Search for "Looker," and you’ll mostly find content about Looker Studio, which is an entirely different tool.
I was not able to find an authentic and practical review comparing Power BI with Looker (not Looker Studio), so I decided to create one based on my experience with both.
Having the experience using Power BI in a previous role at Zensai (formerly LMS365) and having transitioned to Looker in my current role at Trustpilot, I wanted to document some of the most important technicalities you need to be aware of when you perhaps make this shift yourself in the future too.
In this article, I’ll:
- discuss the main differences between Power BI and Looker,
- talk about the strengths and weaknesses of each tool,
- share tips for a smooth transition between the two platforms to make it less painful,
- highlight Looker’s unique features that I love,
- and mention whether I prefer Power BI or Looker as a Senior Data Analyst for Commercial & Marketing.
Looker’s integrated table view under visualizations saves time.
(Looker 1:0 Power BI)
One feature I really appreciate in Looker is the integrated data table displayed beneath your visualizations during the exploration phase.

I can’t count how many times I’ve had to switch back and forth between the report view tab and the data view tab in Power BI when constructing charts, debugging, and checking columns.
In Power BI, you can display a visualization as a table – you click on the three dots and select "show as a table." But here’s the catch: the table isn’t what you’d call fully interactive. You can’t edit it, pivot, or customize it like you can in Looker. It’s more like a snapshot than a tool. If you want to make changes, you have to go into Power Query. You can’t see the visual while you’re making edits – it’s a disconnected process.

Having a customizable table view at all times right there under the visualization in Looker saves a lot of time and really is a practical feature you will get used to very quickly.
Looker expressions lack the power and functionality of DAX formulas.
(Looker 1:1 Power BI)
However, I don’t like Looker expressions.
Compared to DAX (Data Analysis Expressions), they aren’t as developed in terms of the number of different functions.
DAX provides a rich library of functions for complex calculations and time intelligence, which is critical for advanced analytics.
My favourite DAX function in Power BI is definitely the =CALCULATE function.
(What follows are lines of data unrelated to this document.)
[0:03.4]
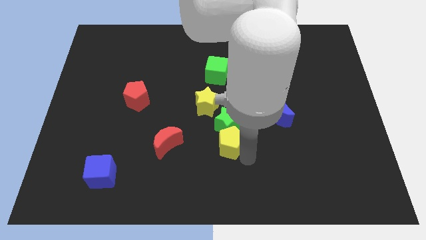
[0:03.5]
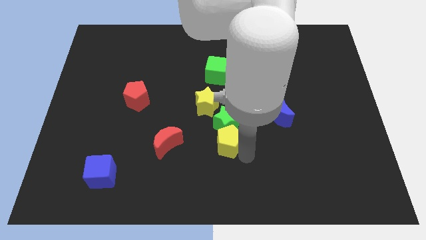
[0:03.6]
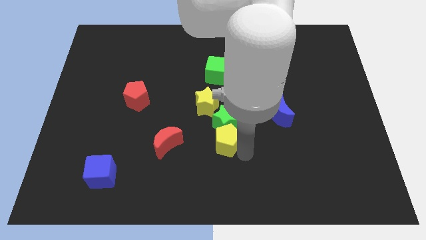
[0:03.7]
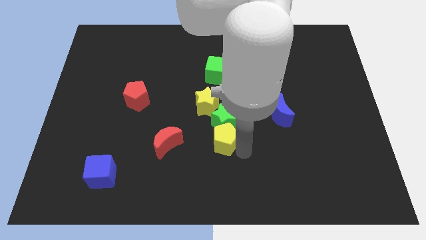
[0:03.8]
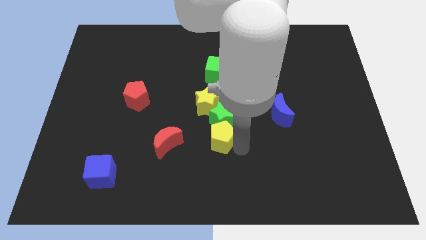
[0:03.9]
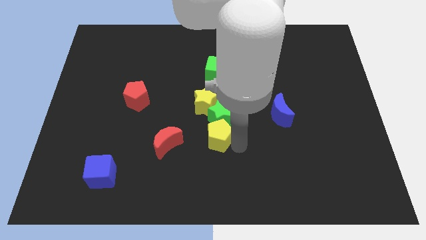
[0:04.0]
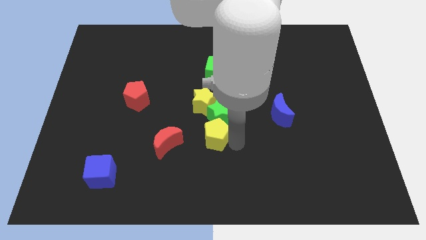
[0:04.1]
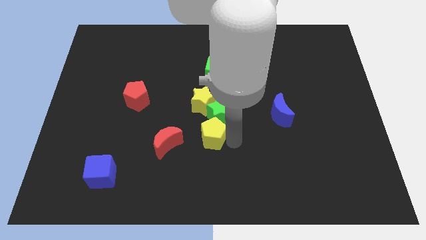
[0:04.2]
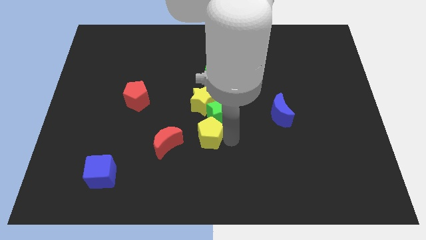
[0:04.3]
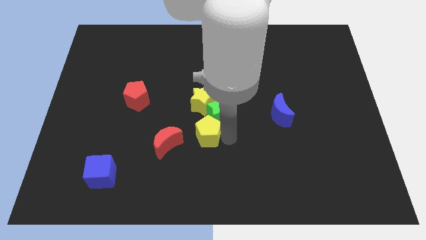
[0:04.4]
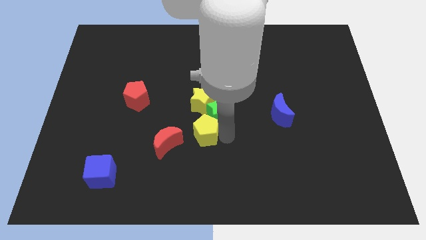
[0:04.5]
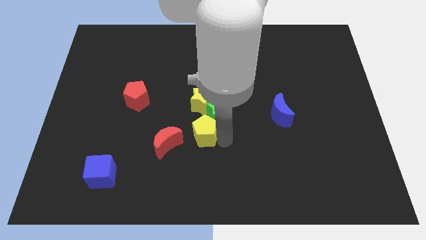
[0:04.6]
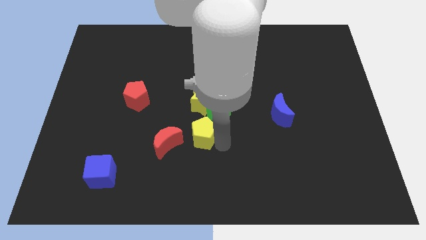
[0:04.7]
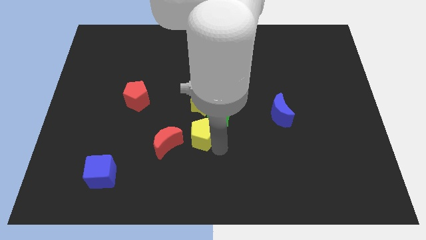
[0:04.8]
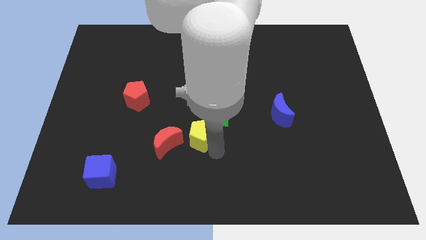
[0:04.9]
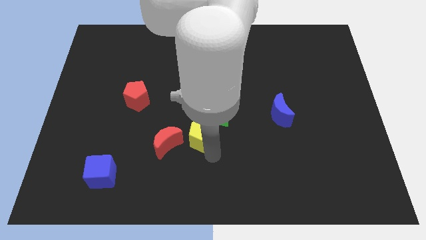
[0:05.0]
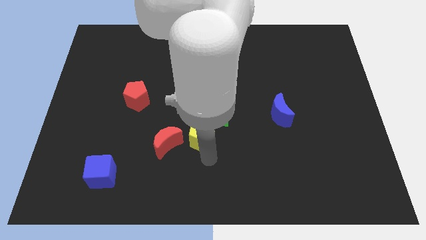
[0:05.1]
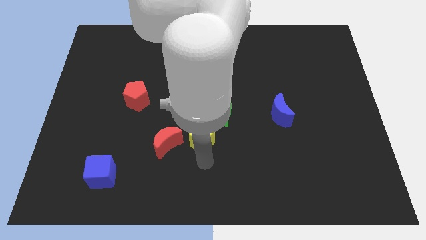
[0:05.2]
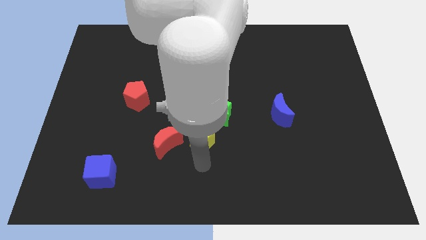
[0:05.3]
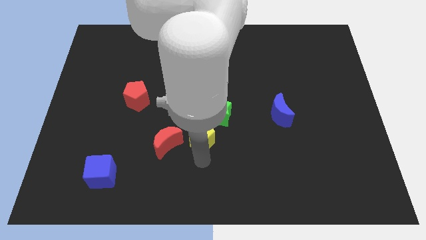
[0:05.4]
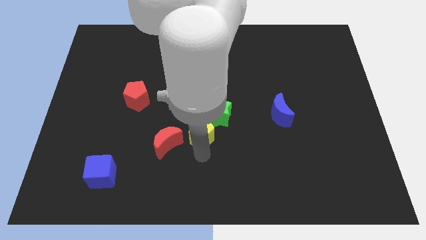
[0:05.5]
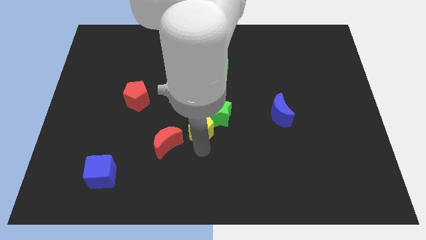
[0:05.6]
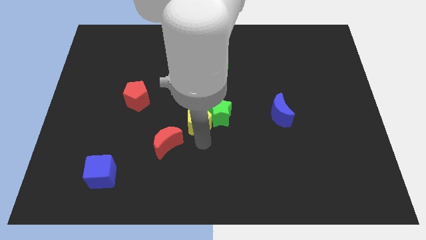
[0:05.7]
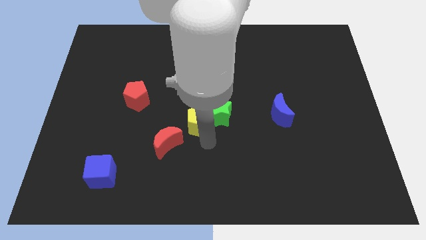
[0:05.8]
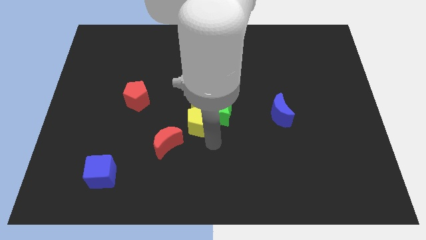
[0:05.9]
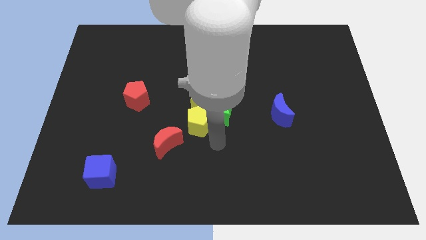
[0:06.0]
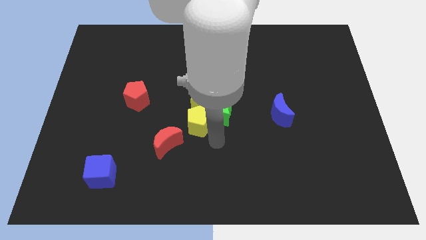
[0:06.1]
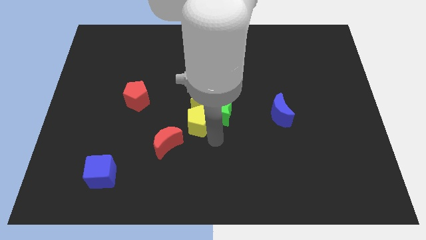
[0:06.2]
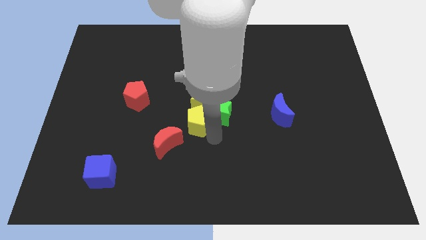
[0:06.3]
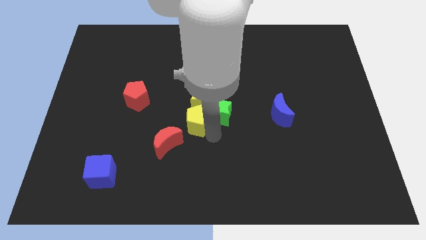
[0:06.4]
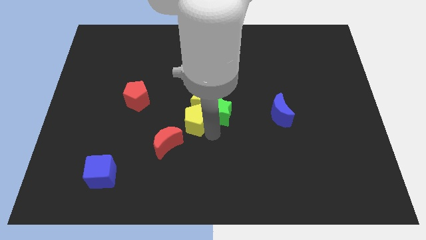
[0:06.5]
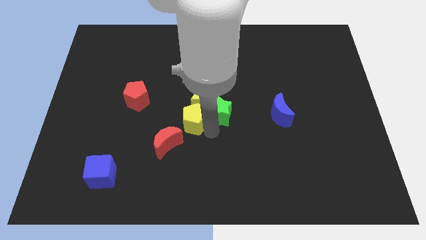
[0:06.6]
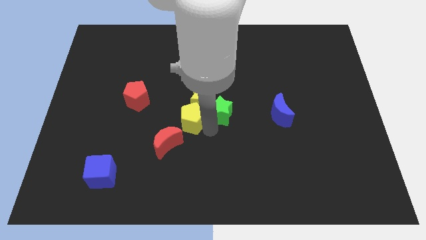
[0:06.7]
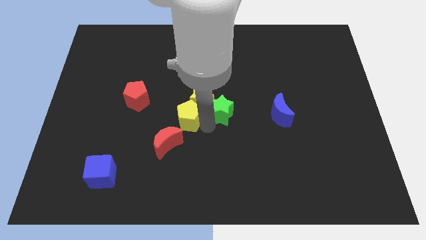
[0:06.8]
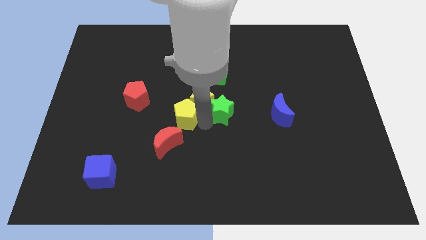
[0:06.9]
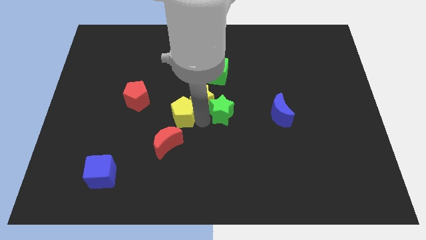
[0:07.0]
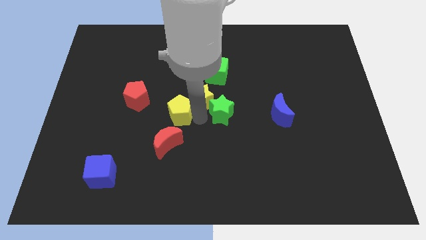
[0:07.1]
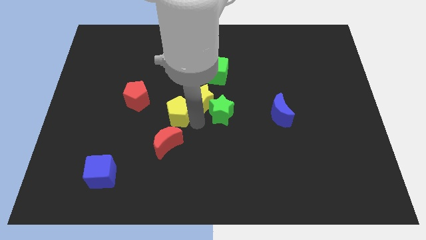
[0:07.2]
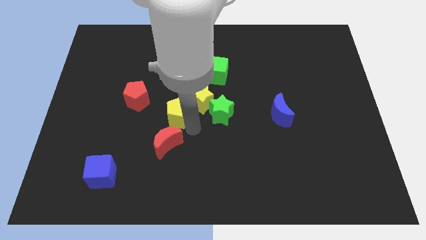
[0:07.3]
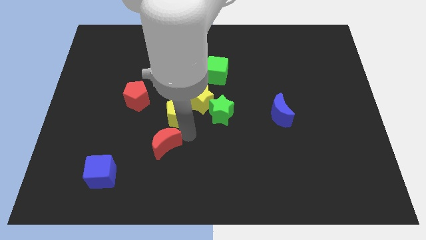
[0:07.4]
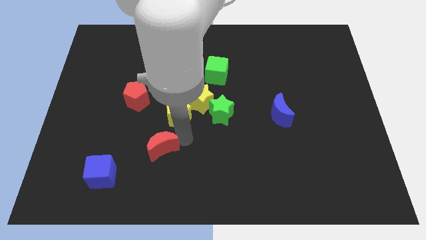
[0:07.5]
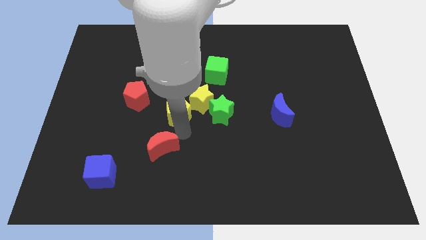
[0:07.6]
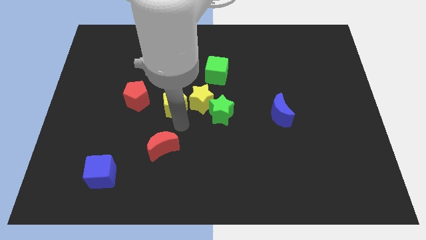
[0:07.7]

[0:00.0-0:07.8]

CALCULATE
changes the filters to give you the result you want – it makes it super useful for things like time-based or category-specific calculations:
Previous_Month_Gross_Volume =
CALCULATE(
[gross_volume],
DATEADD(dim_date[Date], -1, MONTH),
dim_product[Category] = "Electronics",
dim_region[Region] = "North America"
)
While Looker offers a range of expressions for data manipulation that they call Looker Expressions (sometimes referred to as Lexp), they don’t match the depth and versatility of DAX in Power BI.
Looker’s expressions are less widely adopted compared to DAX and have a smaller presence in online forums, documentation, and educational resources. This is also due to the fact that DAX is also used in Analysis Services, and Power Pivot in Excel.
I’ve also noticed that generative AI models will sometimes struggle with the exact structure/formulas of Looker’s expressions as they have been introduced later than DAX – even when setting up the right context and additional parameters for the model to take into account.
One additional thing to keep in mind is that Looker expressions are not the same as LookML language – which is where do confusion might happen for some.
Looker expressions are used to perform calculations and they use the fields you define in LookML.
For example, when you add a field to an expression, Looker uses the field’s LookML identifier, which looks like ${view_name.field_name}
.

Looker expressions are used for creating:
- custom dimensions
- custom calculated columns
- custom measures
- and custom filtering
…within the Looker explore interface.

This seems easy – but if you incorporate multiple dimensions, measures, calculated columns, and pivot the data, you can end up with a very powerful data table.

Power Query Editor in Power BI enables easy data manipulation.
(Looker 1:2 Power BI)
Power BI has the Power Query Editor, similar to the one in Excel.

You can create calculated columns, remove first rows, set the first row as a header, and so much more with a few clicks.

This Power Query Editor does not exist in Looker – although you can create custom measures, custom dimensions, and custom calculated columns very easily in your Explore in Looker.
However, for other transformations that come in handy in Power BI/Excel, you need to write LookML code.
As you’ll discover later in this article, this is also a big positive of Looker due to data centralization.
Looker is only web-based.
(Looker 1:3 Power BI)
I like that Power BI comes as a desktop application, which allows me to work offline using local datasets and take advantage of my local machine’s processing power!

Looker doesn’t come as a desktop app – it’s only web-based. If you prefer Mac, web-based is an advantage – especially considering Power BI’s desktop app is Windows-only.
One thing I must say I like in Looker is that you can very easily navigate through your changes back and forward using the back and forward buttons on your browser. This is because each change in a Looker explore creates a new unique URL link. As you modify your queries or adjust settings, the URL updates to reflect the current state of your explore. This goes hand-in-hand with Looker’s caching that allows you to visit your query and visuals again – without spending on running them again, so they load instantly (the default cache retention policy is one hour).
While Power BI Service – where users upload and edit reports, collaborate, and create Apps, is also web-based, Looker’s fully browser-based approach eliminates operating system restrictions altogether.
Power BI simplifies star schema modeling, whereas Looker requires learning LookML.
(Looker 1:4 Power BI)
Modeling and creating your star schema is super easy in Power BI’s Modeling tab.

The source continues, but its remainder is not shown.